--- START ---

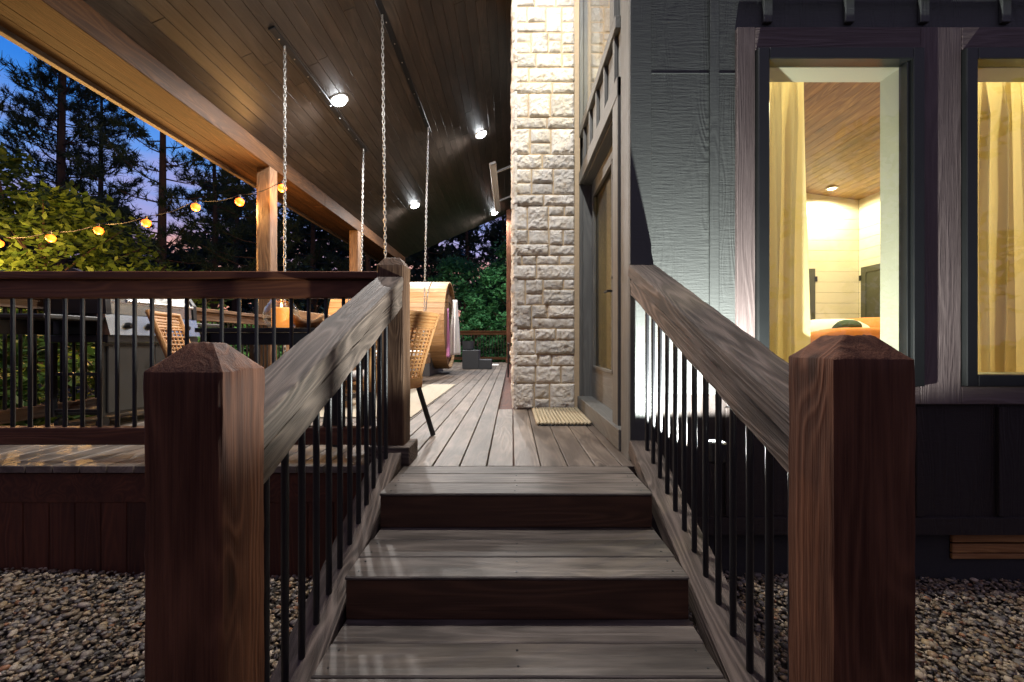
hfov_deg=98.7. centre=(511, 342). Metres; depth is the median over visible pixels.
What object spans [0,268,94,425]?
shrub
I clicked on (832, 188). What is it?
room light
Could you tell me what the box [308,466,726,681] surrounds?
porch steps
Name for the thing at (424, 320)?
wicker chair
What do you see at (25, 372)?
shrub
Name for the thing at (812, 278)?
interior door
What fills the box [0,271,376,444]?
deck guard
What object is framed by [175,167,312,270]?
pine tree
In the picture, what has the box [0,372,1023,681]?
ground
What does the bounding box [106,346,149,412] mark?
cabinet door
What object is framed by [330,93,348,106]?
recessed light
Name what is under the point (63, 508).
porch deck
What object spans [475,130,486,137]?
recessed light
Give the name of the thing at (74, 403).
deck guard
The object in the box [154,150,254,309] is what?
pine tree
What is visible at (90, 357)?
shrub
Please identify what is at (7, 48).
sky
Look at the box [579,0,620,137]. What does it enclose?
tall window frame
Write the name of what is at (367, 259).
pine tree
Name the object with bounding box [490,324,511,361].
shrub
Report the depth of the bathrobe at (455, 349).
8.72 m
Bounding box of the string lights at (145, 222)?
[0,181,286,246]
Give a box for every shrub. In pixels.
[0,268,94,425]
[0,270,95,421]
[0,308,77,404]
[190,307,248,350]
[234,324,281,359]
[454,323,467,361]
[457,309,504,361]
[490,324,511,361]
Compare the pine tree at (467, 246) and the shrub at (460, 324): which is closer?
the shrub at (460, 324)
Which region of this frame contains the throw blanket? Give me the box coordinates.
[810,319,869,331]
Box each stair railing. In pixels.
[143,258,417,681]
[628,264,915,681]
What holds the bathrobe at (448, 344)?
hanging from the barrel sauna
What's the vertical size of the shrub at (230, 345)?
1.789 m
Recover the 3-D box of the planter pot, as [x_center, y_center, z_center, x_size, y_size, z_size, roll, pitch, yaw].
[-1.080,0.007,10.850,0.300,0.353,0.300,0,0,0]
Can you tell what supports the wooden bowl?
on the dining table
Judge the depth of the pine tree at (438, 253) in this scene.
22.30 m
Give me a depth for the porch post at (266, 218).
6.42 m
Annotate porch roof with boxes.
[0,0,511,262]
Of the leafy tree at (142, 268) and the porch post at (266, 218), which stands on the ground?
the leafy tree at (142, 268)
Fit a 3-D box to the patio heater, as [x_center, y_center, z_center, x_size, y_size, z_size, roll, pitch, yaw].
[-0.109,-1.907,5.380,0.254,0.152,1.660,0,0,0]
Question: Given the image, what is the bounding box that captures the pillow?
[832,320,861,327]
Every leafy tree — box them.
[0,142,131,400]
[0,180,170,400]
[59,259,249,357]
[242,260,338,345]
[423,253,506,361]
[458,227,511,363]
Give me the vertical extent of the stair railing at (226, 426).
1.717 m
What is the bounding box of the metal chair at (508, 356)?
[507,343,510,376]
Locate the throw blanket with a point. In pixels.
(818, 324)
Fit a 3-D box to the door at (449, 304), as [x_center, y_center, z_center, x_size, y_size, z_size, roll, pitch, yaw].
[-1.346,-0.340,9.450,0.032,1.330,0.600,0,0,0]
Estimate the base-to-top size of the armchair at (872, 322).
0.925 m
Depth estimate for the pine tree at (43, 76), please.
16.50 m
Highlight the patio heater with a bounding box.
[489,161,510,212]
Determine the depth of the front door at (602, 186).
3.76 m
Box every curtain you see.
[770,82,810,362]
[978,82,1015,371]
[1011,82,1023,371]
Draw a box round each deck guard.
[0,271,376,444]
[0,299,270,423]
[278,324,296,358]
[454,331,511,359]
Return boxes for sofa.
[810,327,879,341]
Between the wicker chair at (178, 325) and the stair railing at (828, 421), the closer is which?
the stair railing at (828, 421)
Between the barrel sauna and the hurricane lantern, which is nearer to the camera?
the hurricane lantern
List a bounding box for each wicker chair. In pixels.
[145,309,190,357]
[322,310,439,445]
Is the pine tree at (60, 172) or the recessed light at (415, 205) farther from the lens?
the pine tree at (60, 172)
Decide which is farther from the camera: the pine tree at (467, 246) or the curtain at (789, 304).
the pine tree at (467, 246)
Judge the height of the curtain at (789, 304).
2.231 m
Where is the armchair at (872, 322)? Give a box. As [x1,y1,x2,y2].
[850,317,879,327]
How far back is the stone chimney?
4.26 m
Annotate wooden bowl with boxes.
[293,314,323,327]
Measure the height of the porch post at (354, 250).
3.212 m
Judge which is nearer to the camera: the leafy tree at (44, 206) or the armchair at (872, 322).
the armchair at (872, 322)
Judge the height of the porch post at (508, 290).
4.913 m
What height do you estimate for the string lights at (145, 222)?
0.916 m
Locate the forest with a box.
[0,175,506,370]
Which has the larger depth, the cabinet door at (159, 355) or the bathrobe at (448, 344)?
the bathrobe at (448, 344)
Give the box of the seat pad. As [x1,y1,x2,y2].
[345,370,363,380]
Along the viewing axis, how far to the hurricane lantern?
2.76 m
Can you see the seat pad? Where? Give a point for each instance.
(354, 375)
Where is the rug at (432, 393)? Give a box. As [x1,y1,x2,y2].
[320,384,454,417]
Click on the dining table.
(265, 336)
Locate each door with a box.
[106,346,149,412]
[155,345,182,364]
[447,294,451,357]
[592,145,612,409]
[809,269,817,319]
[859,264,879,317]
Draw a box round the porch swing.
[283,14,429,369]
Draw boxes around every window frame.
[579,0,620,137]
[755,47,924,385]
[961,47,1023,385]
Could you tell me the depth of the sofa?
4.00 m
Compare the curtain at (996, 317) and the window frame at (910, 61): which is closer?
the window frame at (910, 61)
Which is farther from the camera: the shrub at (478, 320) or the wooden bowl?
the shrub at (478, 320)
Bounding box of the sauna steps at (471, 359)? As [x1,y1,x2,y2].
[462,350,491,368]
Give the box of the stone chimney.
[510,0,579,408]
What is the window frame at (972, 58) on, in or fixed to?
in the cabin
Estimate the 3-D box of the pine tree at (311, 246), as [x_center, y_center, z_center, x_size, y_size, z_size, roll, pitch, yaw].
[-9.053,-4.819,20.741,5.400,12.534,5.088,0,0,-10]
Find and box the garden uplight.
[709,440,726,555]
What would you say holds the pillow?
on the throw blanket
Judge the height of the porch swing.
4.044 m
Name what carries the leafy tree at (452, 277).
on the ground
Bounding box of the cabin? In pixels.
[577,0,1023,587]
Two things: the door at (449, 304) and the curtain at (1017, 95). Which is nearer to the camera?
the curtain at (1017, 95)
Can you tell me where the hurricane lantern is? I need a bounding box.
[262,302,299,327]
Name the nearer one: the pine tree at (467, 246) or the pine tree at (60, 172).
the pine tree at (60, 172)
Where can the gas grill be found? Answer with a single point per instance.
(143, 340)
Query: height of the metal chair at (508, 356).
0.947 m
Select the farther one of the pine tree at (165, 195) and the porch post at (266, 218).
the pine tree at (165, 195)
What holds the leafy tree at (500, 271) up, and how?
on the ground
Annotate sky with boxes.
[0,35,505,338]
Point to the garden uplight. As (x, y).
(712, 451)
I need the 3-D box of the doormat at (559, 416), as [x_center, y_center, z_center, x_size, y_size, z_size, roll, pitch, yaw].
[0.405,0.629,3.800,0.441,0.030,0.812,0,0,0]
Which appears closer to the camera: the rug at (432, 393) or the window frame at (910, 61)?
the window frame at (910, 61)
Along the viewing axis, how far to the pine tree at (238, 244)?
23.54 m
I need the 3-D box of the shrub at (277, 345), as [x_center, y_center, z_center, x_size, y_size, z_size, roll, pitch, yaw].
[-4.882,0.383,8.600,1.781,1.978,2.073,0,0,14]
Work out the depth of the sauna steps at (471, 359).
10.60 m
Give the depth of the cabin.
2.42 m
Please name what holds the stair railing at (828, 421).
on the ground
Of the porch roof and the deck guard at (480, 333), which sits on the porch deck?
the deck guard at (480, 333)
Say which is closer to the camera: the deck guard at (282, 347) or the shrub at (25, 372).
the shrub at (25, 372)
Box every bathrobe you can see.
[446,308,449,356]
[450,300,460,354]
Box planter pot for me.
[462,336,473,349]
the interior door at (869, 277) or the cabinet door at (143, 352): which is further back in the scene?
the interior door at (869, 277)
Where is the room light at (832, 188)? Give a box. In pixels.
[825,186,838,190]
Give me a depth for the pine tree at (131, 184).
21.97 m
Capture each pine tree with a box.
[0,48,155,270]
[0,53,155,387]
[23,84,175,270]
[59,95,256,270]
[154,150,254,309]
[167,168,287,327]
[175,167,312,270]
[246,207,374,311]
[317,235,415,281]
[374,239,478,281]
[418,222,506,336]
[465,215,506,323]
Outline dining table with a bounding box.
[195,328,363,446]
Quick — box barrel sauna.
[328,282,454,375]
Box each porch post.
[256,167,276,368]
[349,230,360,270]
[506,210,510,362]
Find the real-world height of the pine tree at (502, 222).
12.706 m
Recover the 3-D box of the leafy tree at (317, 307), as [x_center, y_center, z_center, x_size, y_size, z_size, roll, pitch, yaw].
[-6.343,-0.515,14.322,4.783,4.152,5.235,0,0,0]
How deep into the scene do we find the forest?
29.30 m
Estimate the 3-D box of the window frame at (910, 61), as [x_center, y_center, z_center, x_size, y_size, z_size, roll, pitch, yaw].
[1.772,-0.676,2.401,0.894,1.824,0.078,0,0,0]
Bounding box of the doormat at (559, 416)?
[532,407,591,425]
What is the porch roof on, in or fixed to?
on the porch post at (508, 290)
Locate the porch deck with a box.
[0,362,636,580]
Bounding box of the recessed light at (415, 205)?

--- END ---

Only the lines above from the line with "Locate the throw" to the line with "Draw a box round each deck guard.", those two lines included, should be reproduced exactly.

Locate the throw blanket with a point. In pixels.
(818, 324)
Fit a 3-D box to the door at (449, 304), as [x_center, y_center, z_center, x_size, y_size, z_size, roll, pitch, yaw].
[-1.346,-0.340,9.450,0.032,1.330,0.600,0,0,0]
Estimate the base-to-top size of the armchair at (872, 322).
0.925 m
Depth estimate for the pine tree at (43, 76), please.
16.50 m
Highlight the patio heater with a bounding box.
[489,161,510,212]
Determine the depth of the front door at (602, 186).
3.76 m
Box every curtain you see.
[770,82,810,362]
[978,82,1015,371]
[1011,82,1023,371]
Draw a box round each deck guard.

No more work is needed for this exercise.